Excerpted records.
..........
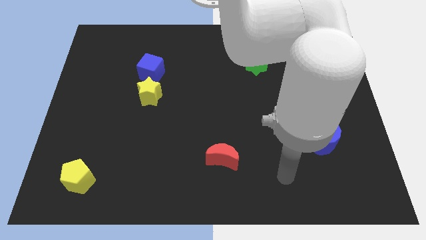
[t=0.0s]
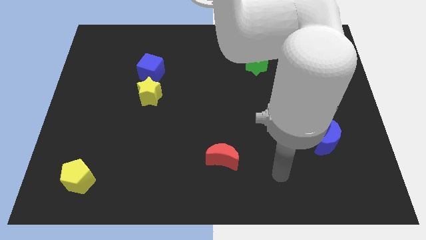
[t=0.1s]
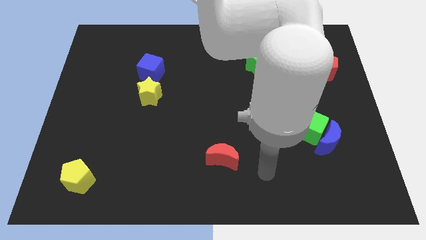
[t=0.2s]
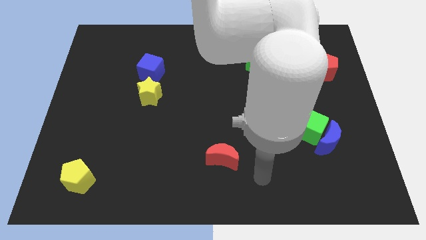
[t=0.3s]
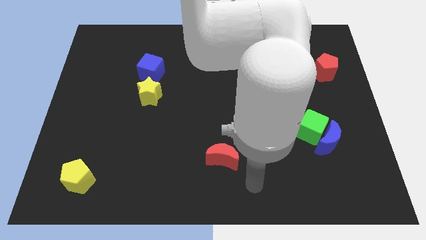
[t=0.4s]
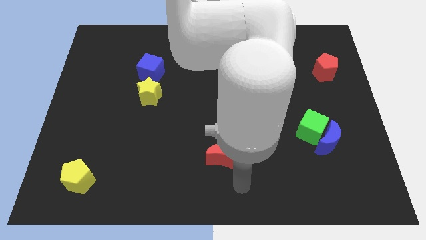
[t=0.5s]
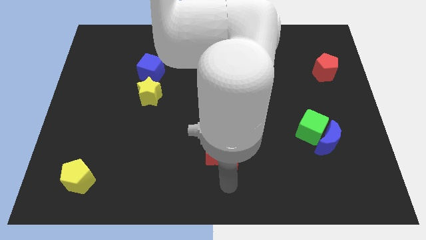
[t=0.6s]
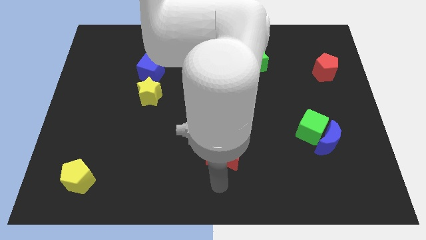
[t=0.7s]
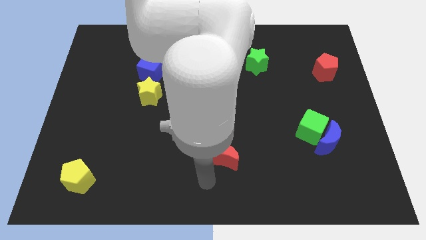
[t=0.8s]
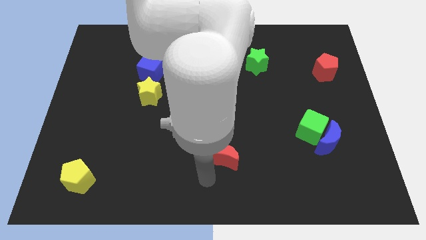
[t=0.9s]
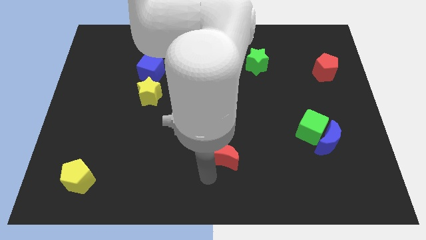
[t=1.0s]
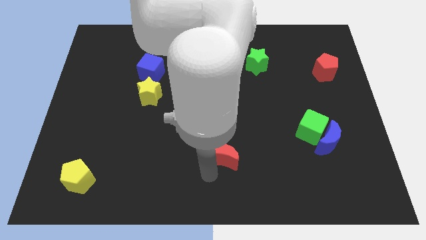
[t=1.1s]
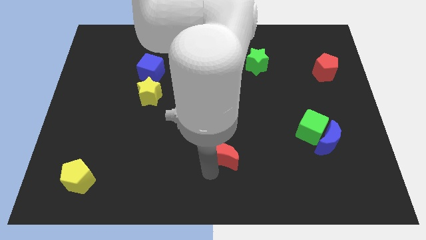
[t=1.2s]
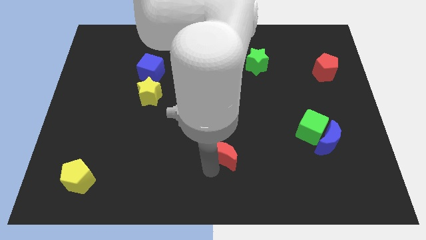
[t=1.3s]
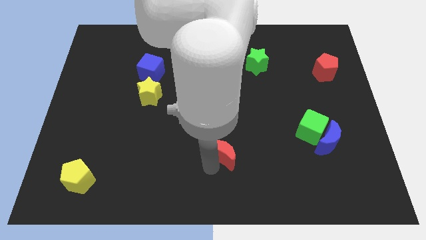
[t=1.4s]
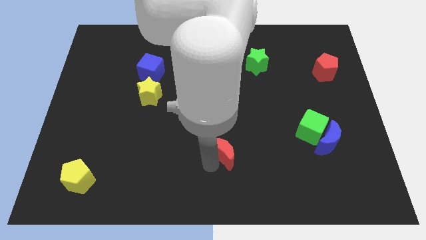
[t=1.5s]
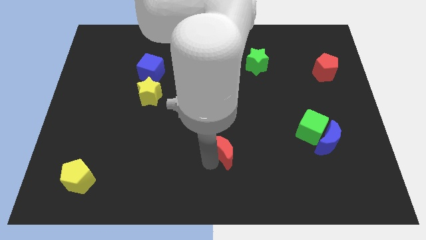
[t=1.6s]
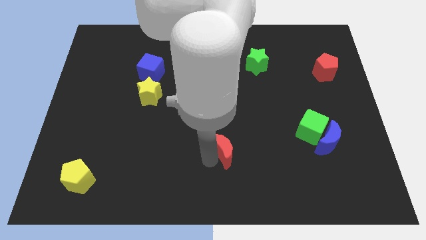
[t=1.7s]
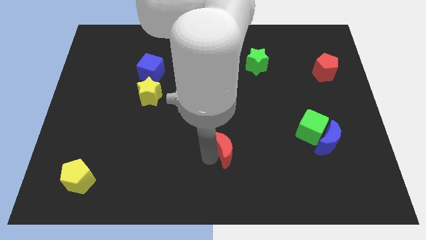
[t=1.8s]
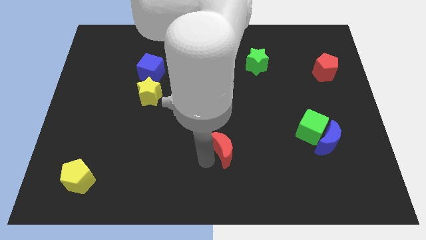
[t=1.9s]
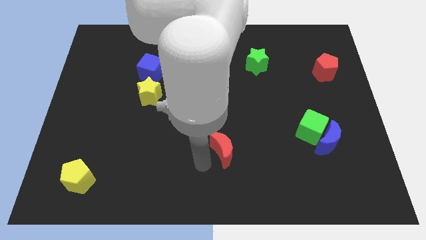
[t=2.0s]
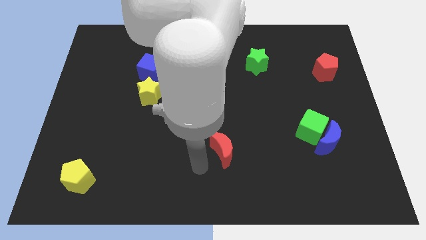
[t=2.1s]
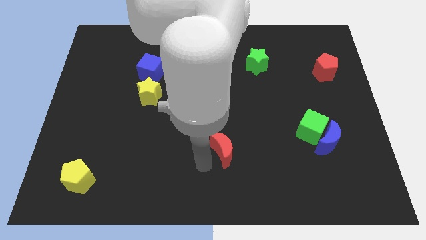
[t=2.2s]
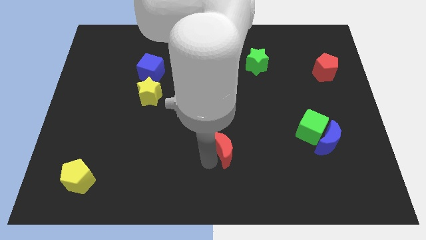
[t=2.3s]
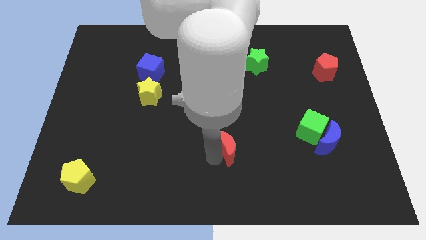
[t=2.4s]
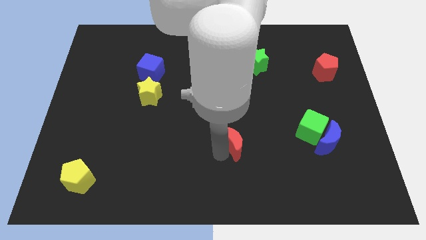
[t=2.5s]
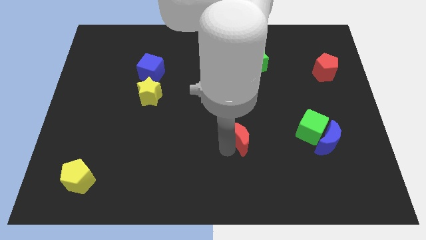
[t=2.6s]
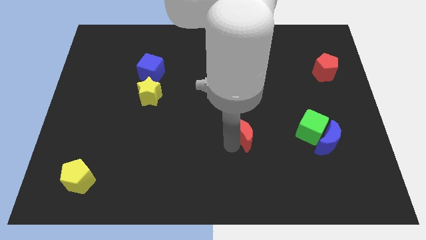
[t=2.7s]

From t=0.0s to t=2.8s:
slightly slide the red moon up and to the right diagonally
..........
What you have to do. Restate each entry word for word. Omit every picture.

Solution to this task.
[t=0.0s]
[t=0.1s]
[t=0.2s]
[t=0.3s]
[t=0.4s]
[t=0.5s]
[t=0.6s]
[t=0.7s]
[t=0.8s]
[t=0.9s]
[t=1.0s]
[t=1.1s]
[t=1.2s]
[t=1.3s]
[t=1.4s]
[t=1.5s]
[t=1.6s]
[t=1.7s]
[t=1.8s]
[t=1.9s]
[t=2.0s]
[t=2.1s]
[t=2.2s]
[t=2.3s]
[t=2.4s]
[t=2.5s]
[t=2.6s]
[t=2.7s]

From t=0.0s to t=2.8s:
slightly slide the red moon up and to the right diagonally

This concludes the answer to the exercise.